▶ What to produce
Using the listing below, report all lines holding the word "aligned".

▶ Data shown
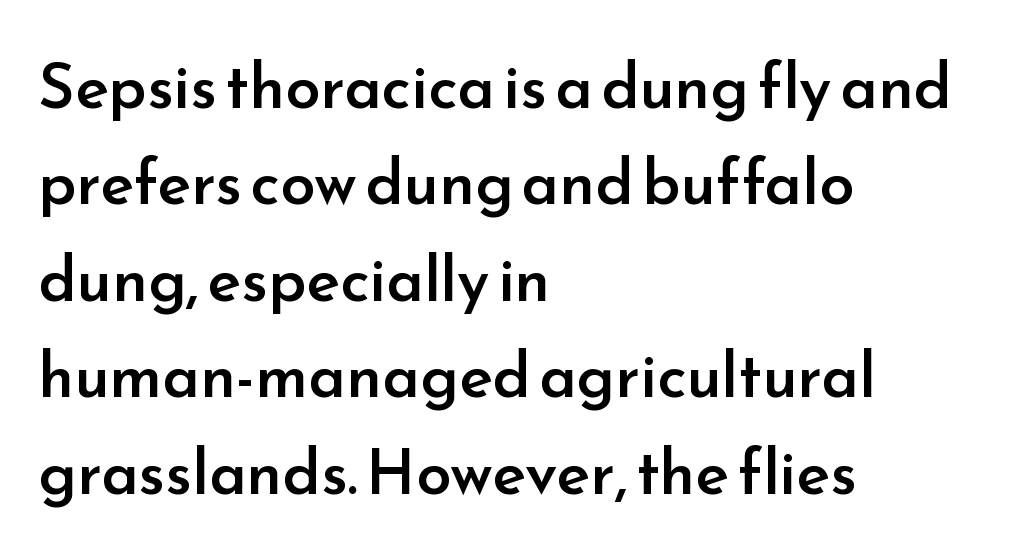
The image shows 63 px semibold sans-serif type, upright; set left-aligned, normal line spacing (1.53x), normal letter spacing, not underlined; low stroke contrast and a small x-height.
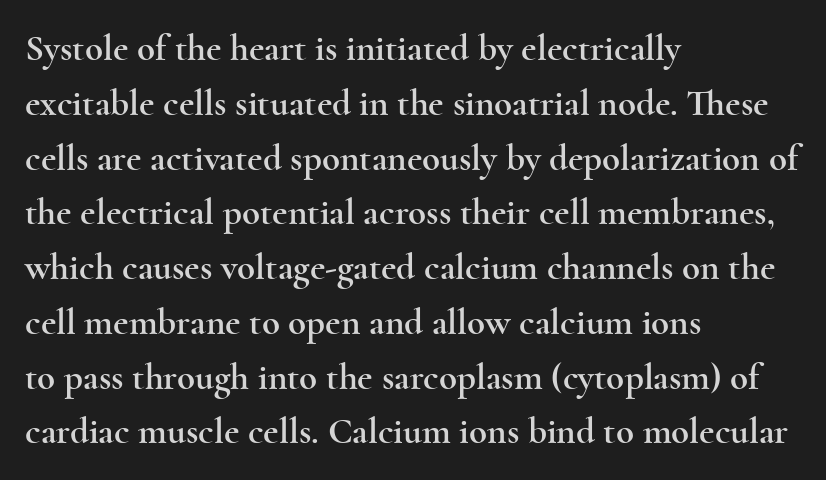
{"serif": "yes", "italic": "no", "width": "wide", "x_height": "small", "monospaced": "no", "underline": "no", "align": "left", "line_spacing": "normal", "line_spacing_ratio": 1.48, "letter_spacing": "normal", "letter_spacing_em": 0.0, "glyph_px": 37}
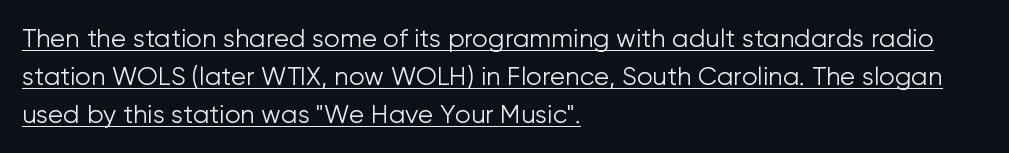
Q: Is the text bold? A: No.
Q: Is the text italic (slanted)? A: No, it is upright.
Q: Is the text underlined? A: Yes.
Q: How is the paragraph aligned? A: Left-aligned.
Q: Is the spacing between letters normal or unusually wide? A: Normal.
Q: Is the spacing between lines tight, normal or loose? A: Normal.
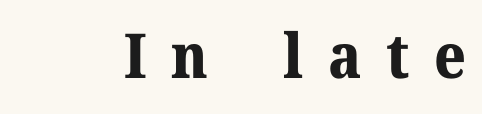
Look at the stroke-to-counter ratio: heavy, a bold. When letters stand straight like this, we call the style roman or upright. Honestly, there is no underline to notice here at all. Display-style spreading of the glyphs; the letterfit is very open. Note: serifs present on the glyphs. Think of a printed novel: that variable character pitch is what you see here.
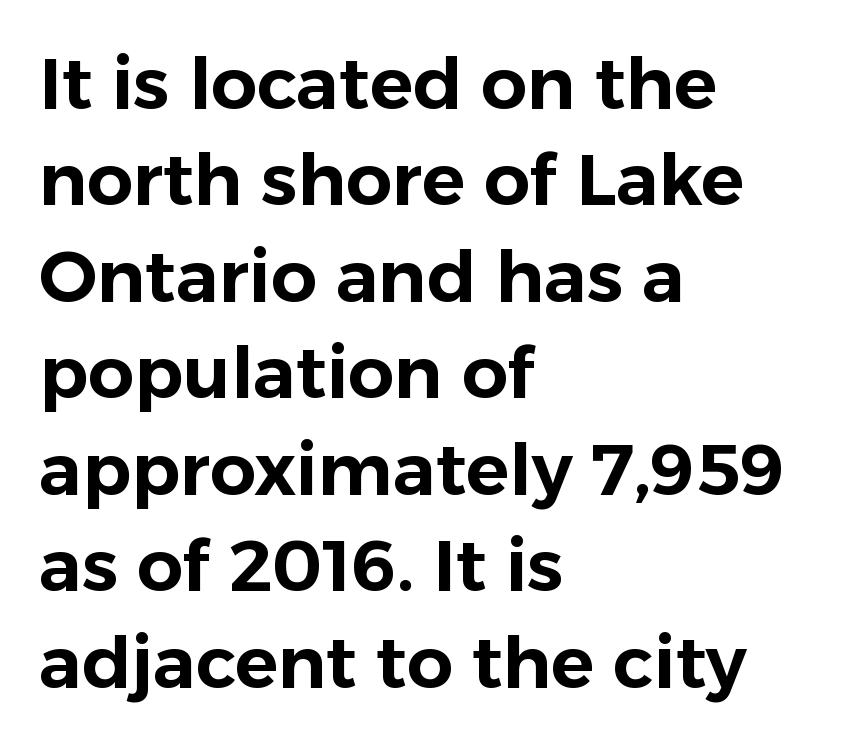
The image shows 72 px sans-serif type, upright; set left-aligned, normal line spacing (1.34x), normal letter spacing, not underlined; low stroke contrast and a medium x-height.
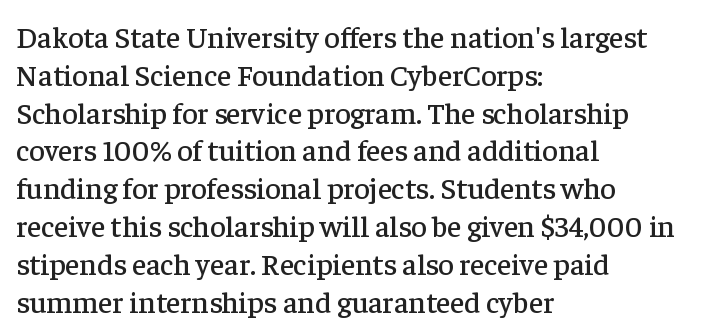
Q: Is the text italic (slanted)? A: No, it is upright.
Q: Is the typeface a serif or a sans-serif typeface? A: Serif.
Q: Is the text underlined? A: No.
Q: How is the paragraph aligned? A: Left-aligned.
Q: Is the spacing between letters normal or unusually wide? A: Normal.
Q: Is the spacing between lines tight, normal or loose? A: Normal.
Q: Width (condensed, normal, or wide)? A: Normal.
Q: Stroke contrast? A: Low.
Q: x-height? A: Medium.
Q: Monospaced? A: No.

▶ Finished exercise
The image shows 63 px semibold sans-serif type, upright; set left-aligned, normal line spacing (1.53x), normal letter spacing, not underlined; low stroke contrast and a small x-height.
Q: How is the paragraph aligned? A: Left-aligned.
The image shows 72 px sans-serif type, upright; set left-aligned, normal line spacing (1.34x), normal letter spacing, not underlined; low stroke contrast and a medium x-height.
Q: How is the paragraph aligned? A: Left-aligned.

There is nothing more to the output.